==== Supplied information
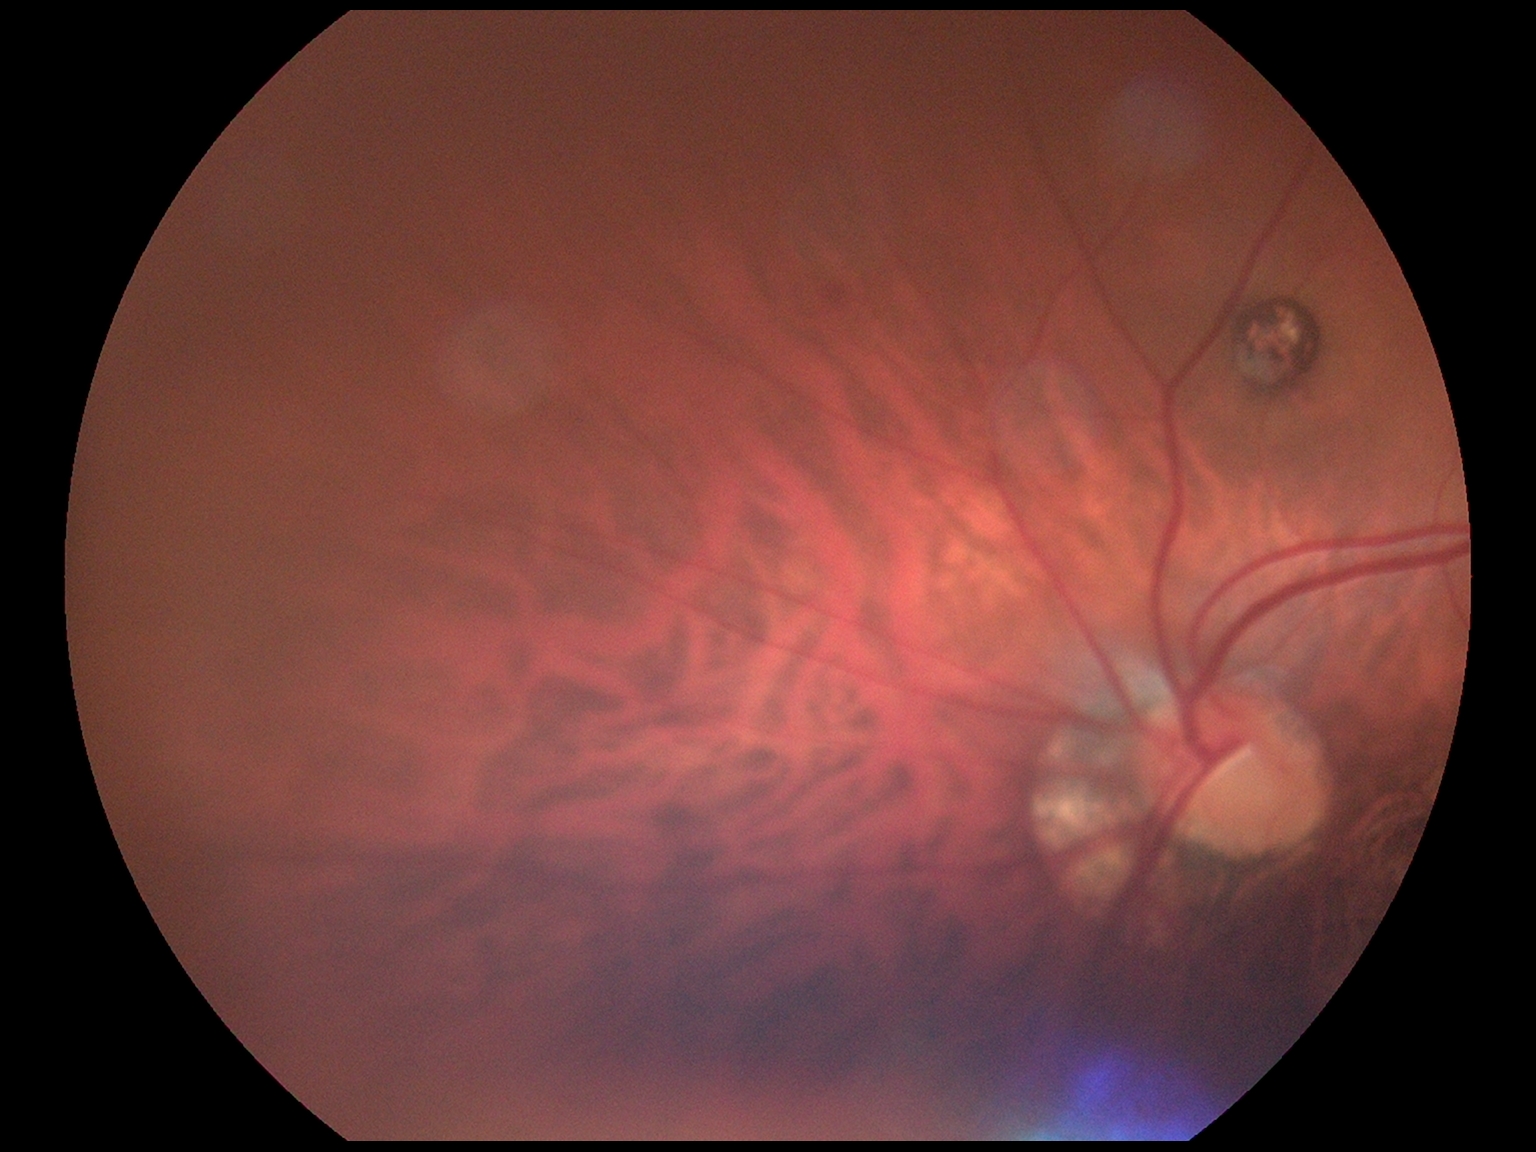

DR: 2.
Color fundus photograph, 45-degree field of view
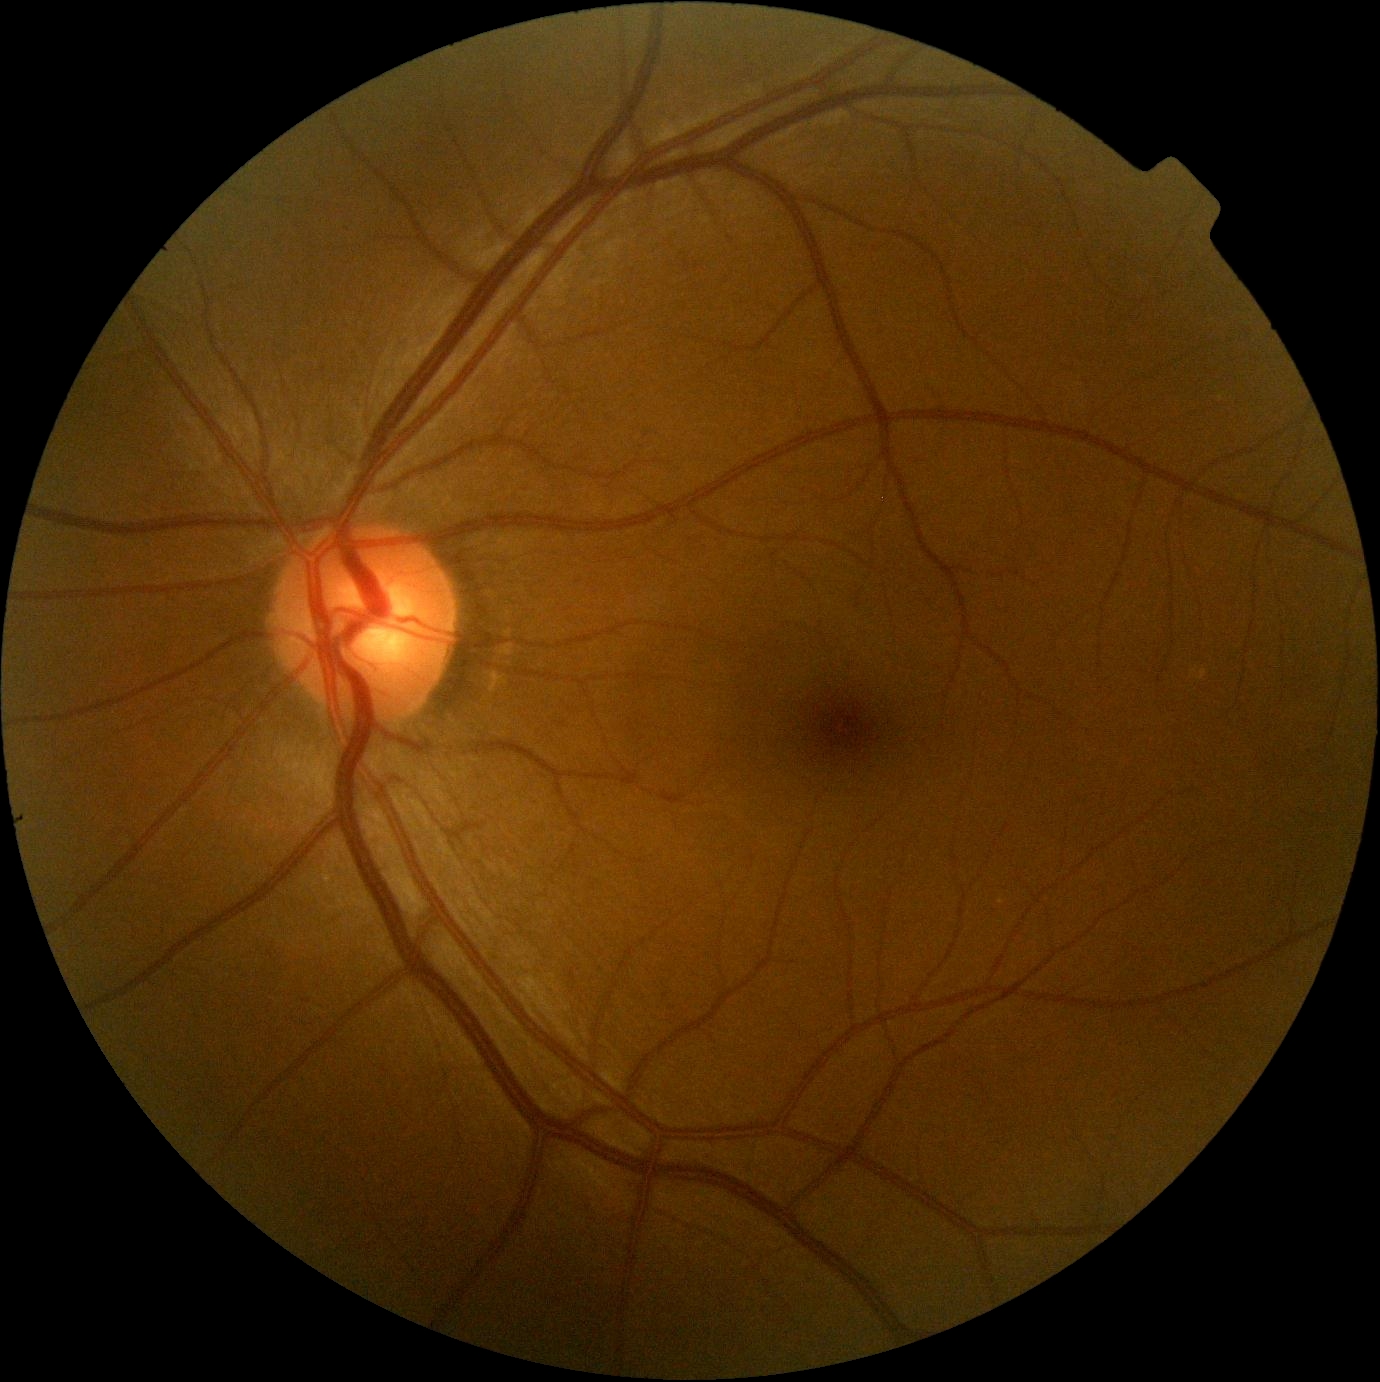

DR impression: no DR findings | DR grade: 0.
========
Goal of the exercise => All lines from the one containing "Color fundus photograph, 45-degree" to the last line of the data above, both included, should be printed exactly, and the pictures should not appear.

Result of the task =>
Color fundus photograph, 45-degree field of view

DR impression: no DR findings | DR grade: 0.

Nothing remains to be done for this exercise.